Конечно, если бы она могла слушать, то все было бы куда проще. К ней приходили бы гости, и она бы говорила «читайте». И ей бы читали, как читают маленьким детям или слепым. Но Ира не могла сказать — «читайте». Потому что она знала, что уже через несколько секунд она должна будет сказать «хватит». И это покажется очень странным тому, кого она заставит читать. И если даже это будет не ее папа, которого она не может заставить читать, хотя бы потому, что он не заходит к ней в комнату, если это будет даже обыкновенный доброжелатель, то и он удивится, когда Ира вдруг скажет — «хватит» после того как она только что сказала «читайте». А странного в Ирином поведении и так достаточно. И поэтому Ира предпочитает лежать одна и ни с кем не разговаривать. Конечно, она могла бы чуть-чуть поговорить с кем-нибудь, и она бы это сделала, если бы точно знала, что до тех пор, пока она снова не сможет слушать, ее не заставят слушать. А заставят ее потом слушать просто потому, что не могут же все замолчать. А из кухни все слышно. И если бы на кухне жил даже не папа, который, если бы и мог молчать, не стал бы этого делать, чтобы не потакать Ире, а просто кто-то другой, то и тогда Ира не могла быть уверена, что он вдруг не заговорит, когда Ира не в состоянии уже будет выдержать ни одного звучащего слова.

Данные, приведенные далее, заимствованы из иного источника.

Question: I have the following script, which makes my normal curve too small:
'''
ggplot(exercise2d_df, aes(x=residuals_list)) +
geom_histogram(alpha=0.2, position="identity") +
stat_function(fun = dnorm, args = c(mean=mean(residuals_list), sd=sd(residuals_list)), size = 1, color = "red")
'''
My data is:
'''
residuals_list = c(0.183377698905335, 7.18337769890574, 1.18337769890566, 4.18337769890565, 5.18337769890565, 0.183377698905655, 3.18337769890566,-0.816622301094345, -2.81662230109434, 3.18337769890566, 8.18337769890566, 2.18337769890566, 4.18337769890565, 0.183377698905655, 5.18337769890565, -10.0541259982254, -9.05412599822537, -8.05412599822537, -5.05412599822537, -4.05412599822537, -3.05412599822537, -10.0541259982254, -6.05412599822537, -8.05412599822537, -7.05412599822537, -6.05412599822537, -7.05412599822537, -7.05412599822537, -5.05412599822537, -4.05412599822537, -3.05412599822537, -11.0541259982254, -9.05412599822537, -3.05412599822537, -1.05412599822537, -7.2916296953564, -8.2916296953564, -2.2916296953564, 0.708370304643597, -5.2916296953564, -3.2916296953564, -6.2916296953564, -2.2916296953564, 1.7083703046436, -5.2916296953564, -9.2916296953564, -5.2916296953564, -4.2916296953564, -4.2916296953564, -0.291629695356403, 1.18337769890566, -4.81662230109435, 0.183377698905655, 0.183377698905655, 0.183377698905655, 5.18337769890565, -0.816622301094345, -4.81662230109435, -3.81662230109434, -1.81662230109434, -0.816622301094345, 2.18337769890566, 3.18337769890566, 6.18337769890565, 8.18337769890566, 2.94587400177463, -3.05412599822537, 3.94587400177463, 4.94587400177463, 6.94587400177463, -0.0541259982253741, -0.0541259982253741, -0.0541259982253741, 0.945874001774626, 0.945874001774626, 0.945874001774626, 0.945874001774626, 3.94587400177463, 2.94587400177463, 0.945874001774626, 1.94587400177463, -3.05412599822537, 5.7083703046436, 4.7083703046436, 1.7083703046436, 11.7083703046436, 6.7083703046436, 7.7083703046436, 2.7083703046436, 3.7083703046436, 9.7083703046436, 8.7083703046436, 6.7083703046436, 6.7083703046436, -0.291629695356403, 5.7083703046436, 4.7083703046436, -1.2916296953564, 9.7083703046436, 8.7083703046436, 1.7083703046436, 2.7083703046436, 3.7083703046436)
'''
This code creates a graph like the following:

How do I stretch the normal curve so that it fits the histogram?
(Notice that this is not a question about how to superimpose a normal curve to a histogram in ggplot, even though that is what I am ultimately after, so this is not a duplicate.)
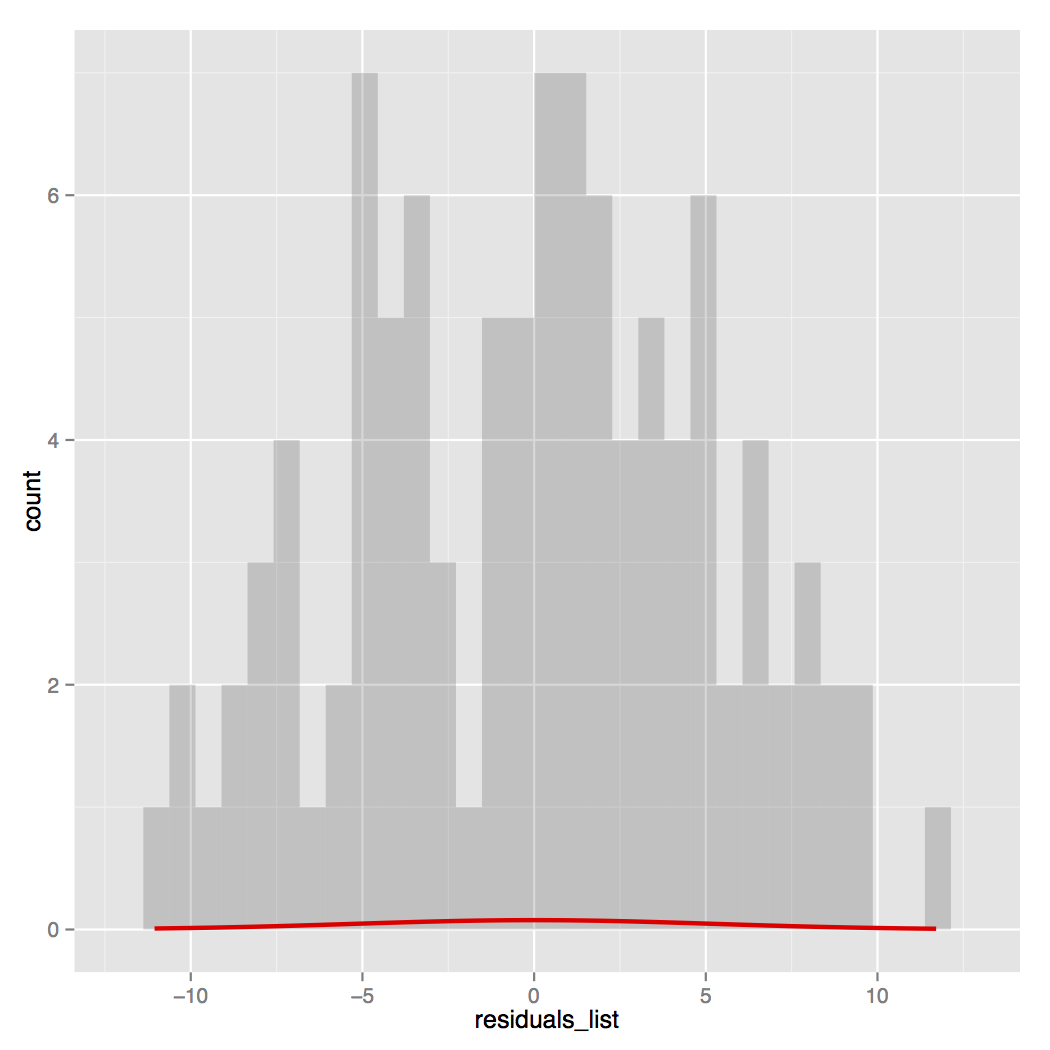
Answer: The current area under the normal curve is 1, the area of the histogram is the width of the bars times the number of points. So if you multiply the height of the normal curve by this value then it will have the same area. The following works (using the default binwidth calculation, it may be better/more direct to specify a binwidth):
'''
tmpfun <- function(x,mean,sd) {
diff(range(residuals_list))/30*length(residuals_list)*dnorm(x,mean,sd)
}
ggplot(exercise2d_df, aes(x=residuals_list)) +
geom_histogram(alpha=0.2, position="identity") +
stat_function(fun = tmpfun, args = c(mean=mean(residuals_list),
sd=sd(residuals_list)), size = 1, color = "red")
'''

А если бы Ира могла говорить. Разве было бы все так, как сейчас? Если бы Ира могла говорить, она прежде всего высмеяла бы свою болезнь. Она смеялась бы над тем, что ходит в шапках или что не может дышать свежим воздухом. И тогда этого бы ей никто не говорил, потому что это было бы уже сказано. А раз это уже сказано и даже уже высмеяно, то никто бы этого больше и не говорил. А Ире это очень важно, чтобы никто не говорил о том, чего она все равно не в силах изменить. И если бы она могла говорить, она бы не дрожала при одном упоминании о враче, все равно каком, главное, что это был врач, потому что врачей у Иры было много, и каждый делал назначения, от которых Ире становилось все хуже. Если бы Ира могла говорить, она бы высмеяла всех врачей и всех людей, которые у этих врачей лечатся и им верят.